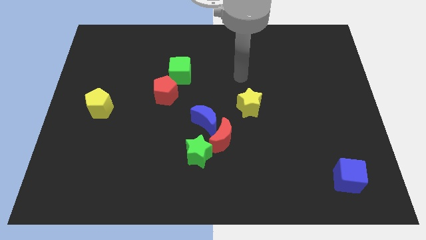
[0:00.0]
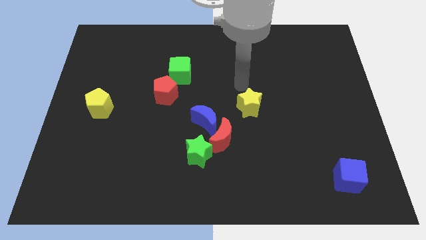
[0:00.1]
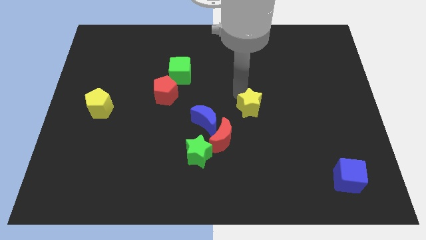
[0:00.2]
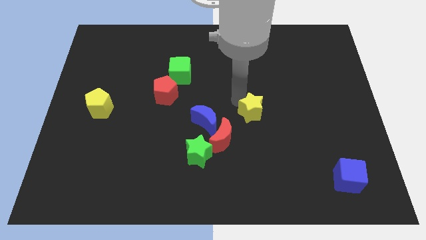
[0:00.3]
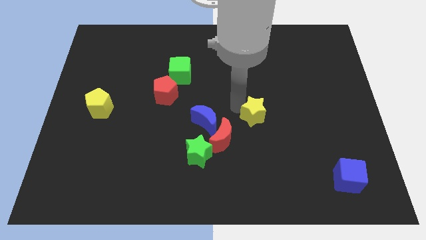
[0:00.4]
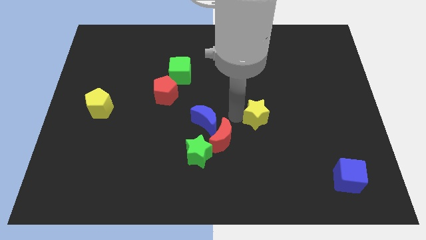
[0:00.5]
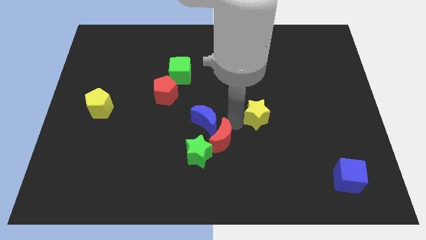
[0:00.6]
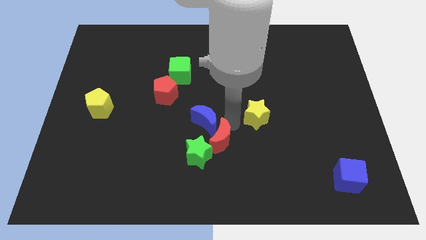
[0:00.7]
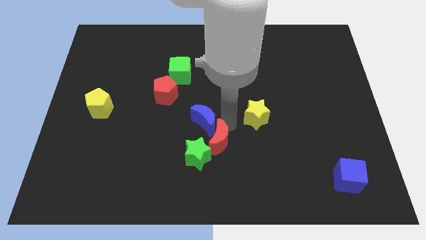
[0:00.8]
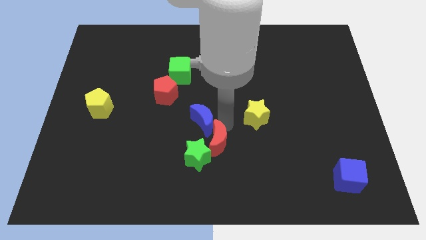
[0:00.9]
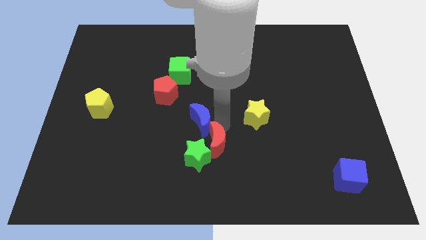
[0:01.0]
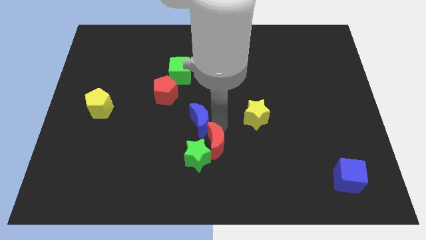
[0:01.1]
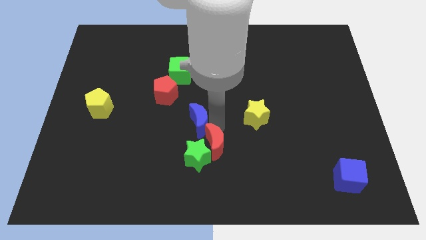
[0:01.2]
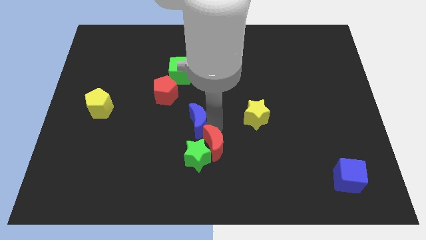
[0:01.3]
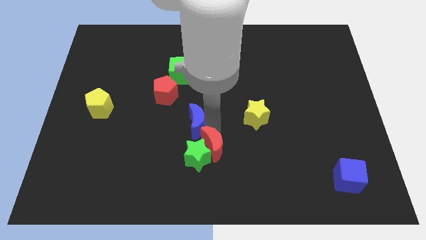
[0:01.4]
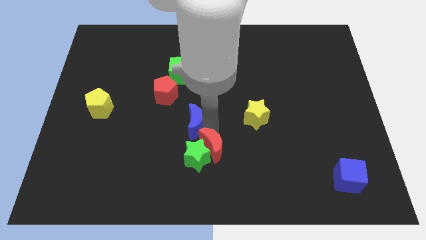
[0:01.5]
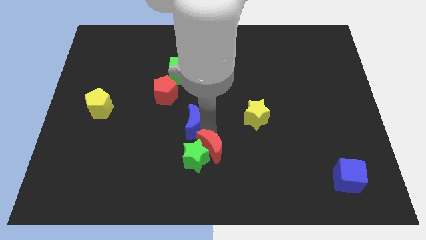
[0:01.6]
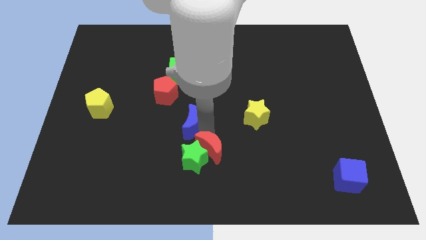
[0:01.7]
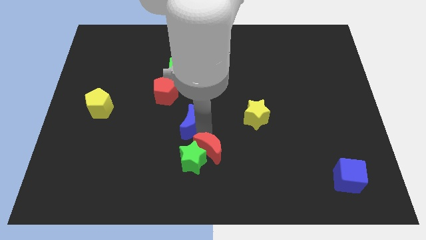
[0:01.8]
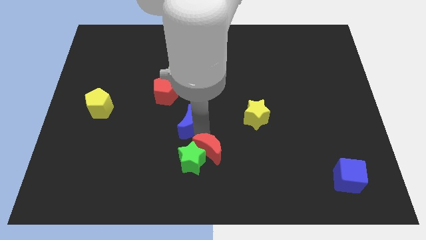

▸ YOUR INSTRUCTIONS
Return the records verbatim, minus pictures.

▸ EXPECTED ANSWER
[0:00.0]
[0:00.1]
[0:00.2]
[0:00.3]
[0:00.4]
[0:00.5]
[0:00.6]
[0:00.7]
[0:00.8]
[0:00.9]
[0:01.0]
[0:01.1]
[0:01.2]
[0:01.3]
[0:01.4]
[0:01.5]
[0:01.6]
[0:01.7]
[0:01.8]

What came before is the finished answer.